Kommentar

Alle Kommentare von Saskia Schäfer-Arnold anzeigen

Der Torso vom Belvedere wird erstmals von Cyriacus von Ancona erwähnt, der sich von 1432 bis 1434 in Rom aufhielt. Zu diesem Zeitpunkt war der Torso im Besitz des Kardinals Prospero Colonna und befand sich in dessen Palazzo bei SS. Apostoli auf dem Monte Cavallo. Um 1500 ist die antike Skulptur in der Sammlung Andrea Bregnos in seinem Haus auf dem Monte Cavallo dokumentiert. Nach dessen Tod 1503 ist der Aufbewahrungsort des Torsos unbekannt. Zwischen 1533 und 1536 gelangte der Torso wahrscheinlich unter Papst Paul III. in den Belvedere. Dort wurde er von Maarten van Heemskerck während seines Romaufenthaltes zwischen 1535 bis 1536 in liegender Position gezeichnet (s. hierzu Wünsche 1998, S. 289–292).

Die fragmentiert erhaltene Statue wird augfrund der Buchstabenform der Inschrift in das 1. Jh. v. Chr. datiert (z.B. Kat. München/Rom 1998, S. 85). Es ist der allgemeinen Forschungstendenz entsprechend anzunehmen, dass es sich bei dem Belvedere-Torso um eine römische Kopie eines hellenistischen Originals handelt. Die Datierung der originalen Skulptur ist in die 1. Hälfte des 2. Jhs. v. Chr. anzusiedeln. Allerdings muss offen bleiben, ob diese Statue aus Bronze oder Marmor gefertigt war (vgl. hierzu Kat. München/Rom 1998, S. 86; Andreae 2001, S. 46, 167)

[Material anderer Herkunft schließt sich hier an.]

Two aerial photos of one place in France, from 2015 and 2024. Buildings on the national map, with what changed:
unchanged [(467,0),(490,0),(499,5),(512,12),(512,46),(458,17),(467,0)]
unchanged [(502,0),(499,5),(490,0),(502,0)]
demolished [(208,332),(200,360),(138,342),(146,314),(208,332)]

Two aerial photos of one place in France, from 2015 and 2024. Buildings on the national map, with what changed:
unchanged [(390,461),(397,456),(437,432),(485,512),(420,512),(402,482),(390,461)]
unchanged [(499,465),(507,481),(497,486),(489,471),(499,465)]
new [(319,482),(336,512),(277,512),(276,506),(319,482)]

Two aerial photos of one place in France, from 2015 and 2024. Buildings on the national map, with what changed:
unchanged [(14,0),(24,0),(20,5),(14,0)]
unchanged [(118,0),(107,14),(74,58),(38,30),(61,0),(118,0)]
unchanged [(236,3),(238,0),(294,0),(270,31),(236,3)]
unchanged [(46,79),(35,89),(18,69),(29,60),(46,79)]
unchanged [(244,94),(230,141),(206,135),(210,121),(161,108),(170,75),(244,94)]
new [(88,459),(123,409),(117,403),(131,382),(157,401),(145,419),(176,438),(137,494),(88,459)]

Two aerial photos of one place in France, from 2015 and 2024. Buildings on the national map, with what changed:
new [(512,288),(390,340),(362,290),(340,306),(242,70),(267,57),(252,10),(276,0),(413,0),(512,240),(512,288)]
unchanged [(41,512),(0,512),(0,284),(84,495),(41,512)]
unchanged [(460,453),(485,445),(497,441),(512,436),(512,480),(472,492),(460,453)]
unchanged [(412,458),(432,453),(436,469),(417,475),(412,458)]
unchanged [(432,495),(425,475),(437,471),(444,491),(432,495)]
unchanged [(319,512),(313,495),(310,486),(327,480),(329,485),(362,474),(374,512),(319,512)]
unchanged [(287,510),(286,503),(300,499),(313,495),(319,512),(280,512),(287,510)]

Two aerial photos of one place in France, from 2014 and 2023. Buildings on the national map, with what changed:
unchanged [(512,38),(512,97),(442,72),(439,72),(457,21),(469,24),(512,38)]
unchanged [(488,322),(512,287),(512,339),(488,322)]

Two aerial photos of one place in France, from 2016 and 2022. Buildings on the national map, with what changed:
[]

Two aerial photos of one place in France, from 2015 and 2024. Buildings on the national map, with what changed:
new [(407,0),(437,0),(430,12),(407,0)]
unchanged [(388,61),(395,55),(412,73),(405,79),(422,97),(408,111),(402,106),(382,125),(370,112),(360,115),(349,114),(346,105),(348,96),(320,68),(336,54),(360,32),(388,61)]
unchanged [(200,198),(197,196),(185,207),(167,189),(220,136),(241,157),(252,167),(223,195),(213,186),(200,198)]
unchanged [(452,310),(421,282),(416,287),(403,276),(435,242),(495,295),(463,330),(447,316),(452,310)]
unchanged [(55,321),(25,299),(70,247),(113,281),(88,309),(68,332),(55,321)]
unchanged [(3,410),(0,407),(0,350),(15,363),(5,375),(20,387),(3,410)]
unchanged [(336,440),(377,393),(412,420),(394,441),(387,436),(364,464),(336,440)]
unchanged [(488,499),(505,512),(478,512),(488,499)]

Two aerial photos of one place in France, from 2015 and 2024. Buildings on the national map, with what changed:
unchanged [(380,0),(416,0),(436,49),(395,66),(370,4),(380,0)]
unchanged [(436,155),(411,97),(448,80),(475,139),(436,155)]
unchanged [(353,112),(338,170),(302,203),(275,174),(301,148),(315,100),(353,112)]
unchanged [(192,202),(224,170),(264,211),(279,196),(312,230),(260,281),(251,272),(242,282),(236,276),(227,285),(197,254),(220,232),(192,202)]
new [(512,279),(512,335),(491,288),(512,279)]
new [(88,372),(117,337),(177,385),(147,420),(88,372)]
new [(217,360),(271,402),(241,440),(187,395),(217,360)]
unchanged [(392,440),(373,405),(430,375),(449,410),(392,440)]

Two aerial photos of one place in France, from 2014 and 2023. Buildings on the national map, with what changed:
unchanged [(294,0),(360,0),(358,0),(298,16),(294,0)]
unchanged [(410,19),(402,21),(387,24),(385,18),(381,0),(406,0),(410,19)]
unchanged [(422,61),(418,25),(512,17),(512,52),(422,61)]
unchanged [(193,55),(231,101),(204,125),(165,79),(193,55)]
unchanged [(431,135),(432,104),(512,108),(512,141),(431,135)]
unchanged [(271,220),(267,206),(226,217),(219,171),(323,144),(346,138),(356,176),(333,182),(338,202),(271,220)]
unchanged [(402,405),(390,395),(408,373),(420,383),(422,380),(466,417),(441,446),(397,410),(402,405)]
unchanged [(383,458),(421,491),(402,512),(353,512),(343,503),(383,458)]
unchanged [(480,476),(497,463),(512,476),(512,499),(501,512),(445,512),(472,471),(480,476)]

Die Deutung des Torsos ist bis heute in der Forschung umstritten. Bis zu Winckelmann wurde die Statue aufgrund des Fells, auf dem der Torso sitzt, als Herakles identifiziert. Erst Ende des 19. Jahrhunderts erkannte Carl Hasse, dass es sich bei dem Fell um das eines Panthers handelt (vgl. Wünsche 1998, S. 300). Seitdem strecken sich die Deutungen von dem Kyklopen Polyphem über den Satyr Marsyas bis hin zu Philoktet (vgl. Helbig 1963–1972, Bd. I, S. 212). In neuerer Zeit wurde der Torso von Raimund Wünsche als Darstellung des troianischen Helden Aias interpretiert (Wünsche 1998, S. 306).

Trotz zahlreicher Zeichnungen des Torsos aus dem 16. Jahrhundert gelangte dieser erst seit der Bewunderung Michelangelos zu seinem Ruhm. Als »Schule des Michelangelo« bekannt, wurde der Torso vom Belvedere zur »Schule der Künstler«, wie Raimund Wünsche ihn nennt (vgl. Wünsche 1998, S. 295).
Er wurde seit dem 16. Jahrhundert zu dem Symbol der Bildhauerei und Zeichenkunst (Wünsche 1998, S. 295). Die Verbindung von Belvedere-Torso mit der Bildhauerei lässt sich ebenfalls in der »Teutschen Academie« beobachten. In dem Titelkupfer Allegorie der Künste und der Titelvignette zum Buch über die Skulptur nimmt Joachim von Sandrart durch die Darstellung des Torsos Bezug auf diese Symbolik (vgl. Kat. München/Rom 1998, S. 172–173).